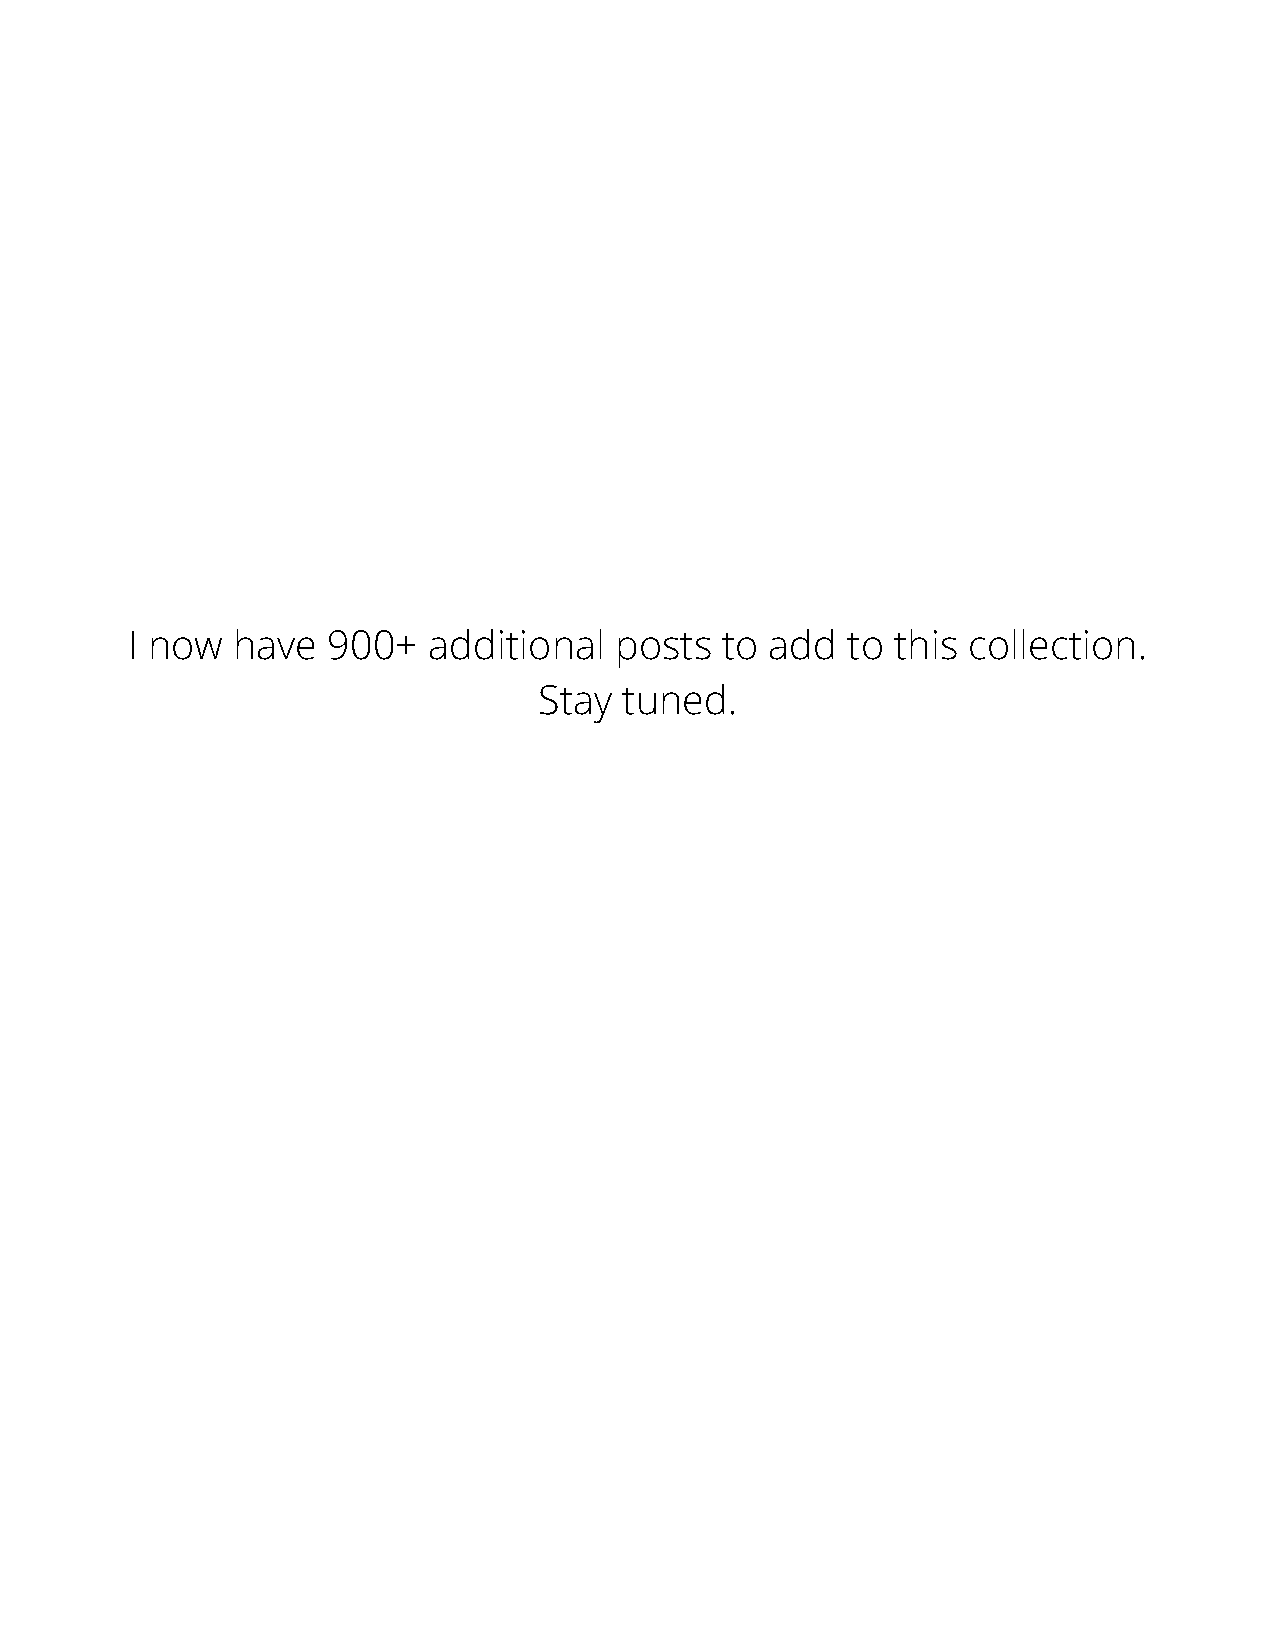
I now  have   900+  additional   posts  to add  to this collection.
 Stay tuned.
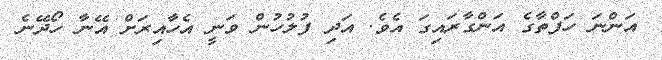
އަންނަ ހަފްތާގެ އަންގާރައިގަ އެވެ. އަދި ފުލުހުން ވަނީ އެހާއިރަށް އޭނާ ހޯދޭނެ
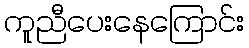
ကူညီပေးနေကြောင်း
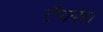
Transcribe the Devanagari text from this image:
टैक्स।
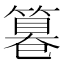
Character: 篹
□ □ □ □ □
TASK TO CARRY OUT — Find the line with "Transcribe the Devanagari". Return it and each line after it through the end of the data, exactly, without pictures.

RESULT OF THIS TASK —
Transcribe the Devanagari text from this image:
टैक्स।
Character: 篹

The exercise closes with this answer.